Different studies indicate that there is a gap between the healthcare that patients receive and the guideline recommendations in the process of COPD care [8, 9], although adherence to clinical guidelines is a predictor of a favorable outcome [10]. These gaps often need to be considered in the context of clinical inertia, which is defined as "recognition of the problem but lack of action" [11]. Clinical inertia is a broad concept, encompassing physician, patient and health system factors including a failure to assess risk, screen for and manage risk factors and complications, address nonpharmacological factors and refer appropriately. Therapeutic inertia (TI) is one component of clinical inertia, which is when providers fail to initiate medications or intensify treatment when treatment goals are not met [12]. It has been extensively studied in diabetes [13] and hypertension [14] and it has been reported to potentially account for 80% of cardiovascular events, suggesting that it may be an appropriate focus for quality improvement. In contrast, clinical inertia related to the management of COPD has been less commonly researched, and little is known about physicians’ practices and why physicians do not initiate medication or do not intensify treatment if therapeutic goals are not reached [15].

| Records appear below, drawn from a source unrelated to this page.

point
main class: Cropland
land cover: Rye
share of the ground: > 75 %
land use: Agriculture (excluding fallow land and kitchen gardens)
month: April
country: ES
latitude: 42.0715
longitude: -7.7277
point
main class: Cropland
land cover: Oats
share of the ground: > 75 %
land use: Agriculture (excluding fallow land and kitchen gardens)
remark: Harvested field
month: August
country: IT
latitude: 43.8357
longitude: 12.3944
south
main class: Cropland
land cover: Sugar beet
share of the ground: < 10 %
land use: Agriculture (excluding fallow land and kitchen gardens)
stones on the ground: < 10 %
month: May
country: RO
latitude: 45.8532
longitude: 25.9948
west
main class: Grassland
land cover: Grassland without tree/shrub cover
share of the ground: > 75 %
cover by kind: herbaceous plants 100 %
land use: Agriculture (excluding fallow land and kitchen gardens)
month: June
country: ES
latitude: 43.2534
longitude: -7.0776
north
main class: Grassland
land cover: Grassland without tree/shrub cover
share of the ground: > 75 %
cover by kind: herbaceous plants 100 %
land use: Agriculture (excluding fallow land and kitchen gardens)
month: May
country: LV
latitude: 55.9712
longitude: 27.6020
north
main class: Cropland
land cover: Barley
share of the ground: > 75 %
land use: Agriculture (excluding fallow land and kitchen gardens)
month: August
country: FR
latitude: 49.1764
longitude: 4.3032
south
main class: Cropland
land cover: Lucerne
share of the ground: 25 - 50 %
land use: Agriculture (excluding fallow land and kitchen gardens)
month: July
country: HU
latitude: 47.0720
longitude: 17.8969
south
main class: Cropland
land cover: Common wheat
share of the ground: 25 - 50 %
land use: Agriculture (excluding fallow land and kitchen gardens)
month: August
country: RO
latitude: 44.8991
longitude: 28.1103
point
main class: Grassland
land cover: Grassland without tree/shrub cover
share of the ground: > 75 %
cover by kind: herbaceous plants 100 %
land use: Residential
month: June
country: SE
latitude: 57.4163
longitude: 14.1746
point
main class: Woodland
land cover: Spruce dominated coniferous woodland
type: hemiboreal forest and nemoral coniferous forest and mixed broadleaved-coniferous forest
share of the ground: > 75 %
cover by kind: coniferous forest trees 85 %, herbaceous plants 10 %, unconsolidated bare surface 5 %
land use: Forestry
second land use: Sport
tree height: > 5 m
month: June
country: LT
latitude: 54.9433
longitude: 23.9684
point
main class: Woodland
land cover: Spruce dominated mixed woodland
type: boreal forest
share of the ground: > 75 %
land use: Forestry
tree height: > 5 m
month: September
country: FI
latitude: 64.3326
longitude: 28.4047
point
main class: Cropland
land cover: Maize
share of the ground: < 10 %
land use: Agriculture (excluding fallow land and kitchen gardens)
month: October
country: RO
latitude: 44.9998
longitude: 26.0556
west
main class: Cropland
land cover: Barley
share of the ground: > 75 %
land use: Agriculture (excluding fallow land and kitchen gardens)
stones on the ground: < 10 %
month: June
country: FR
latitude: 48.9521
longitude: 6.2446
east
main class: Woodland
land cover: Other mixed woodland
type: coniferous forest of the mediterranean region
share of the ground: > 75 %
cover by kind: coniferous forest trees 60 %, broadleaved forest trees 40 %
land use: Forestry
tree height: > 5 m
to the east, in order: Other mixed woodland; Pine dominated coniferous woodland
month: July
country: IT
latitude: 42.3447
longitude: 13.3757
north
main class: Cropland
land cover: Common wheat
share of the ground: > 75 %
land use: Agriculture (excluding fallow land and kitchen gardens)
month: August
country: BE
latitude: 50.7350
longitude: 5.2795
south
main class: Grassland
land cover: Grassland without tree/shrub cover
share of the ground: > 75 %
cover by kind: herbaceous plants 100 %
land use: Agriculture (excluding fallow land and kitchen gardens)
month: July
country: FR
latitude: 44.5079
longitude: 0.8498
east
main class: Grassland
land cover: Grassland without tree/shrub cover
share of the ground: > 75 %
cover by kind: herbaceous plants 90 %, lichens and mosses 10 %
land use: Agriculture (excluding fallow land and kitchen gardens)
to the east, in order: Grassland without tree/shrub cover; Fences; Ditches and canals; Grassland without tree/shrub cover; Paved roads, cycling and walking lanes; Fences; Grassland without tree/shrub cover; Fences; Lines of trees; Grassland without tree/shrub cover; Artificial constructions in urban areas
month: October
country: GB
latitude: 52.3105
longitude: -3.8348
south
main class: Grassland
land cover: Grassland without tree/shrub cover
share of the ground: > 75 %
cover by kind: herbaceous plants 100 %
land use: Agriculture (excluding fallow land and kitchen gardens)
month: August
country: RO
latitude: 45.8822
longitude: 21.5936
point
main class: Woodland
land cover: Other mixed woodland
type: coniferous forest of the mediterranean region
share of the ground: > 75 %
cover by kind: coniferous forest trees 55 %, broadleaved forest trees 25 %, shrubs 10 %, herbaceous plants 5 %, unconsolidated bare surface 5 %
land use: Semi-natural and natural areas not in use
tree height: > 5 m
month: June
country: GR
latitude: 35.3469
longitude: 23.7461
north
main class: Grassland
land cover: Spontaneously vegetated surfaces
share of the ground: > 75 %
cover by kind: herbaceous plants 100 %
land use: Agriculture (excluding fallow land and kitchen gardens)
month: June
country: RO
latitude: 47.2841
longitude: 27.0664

COPD is a disease characterized by frequent decompensations, which are responsible for increased morbidity and mortality. These constitute one of the main reasons for the adjustment and personalization of treatment in patient follow-up. Therefore, overcoming clinical inertia is crucial in the management of patients with COPD. Consequently, it is necessary to assess the main elements on which physicians base their therapeutic decisions.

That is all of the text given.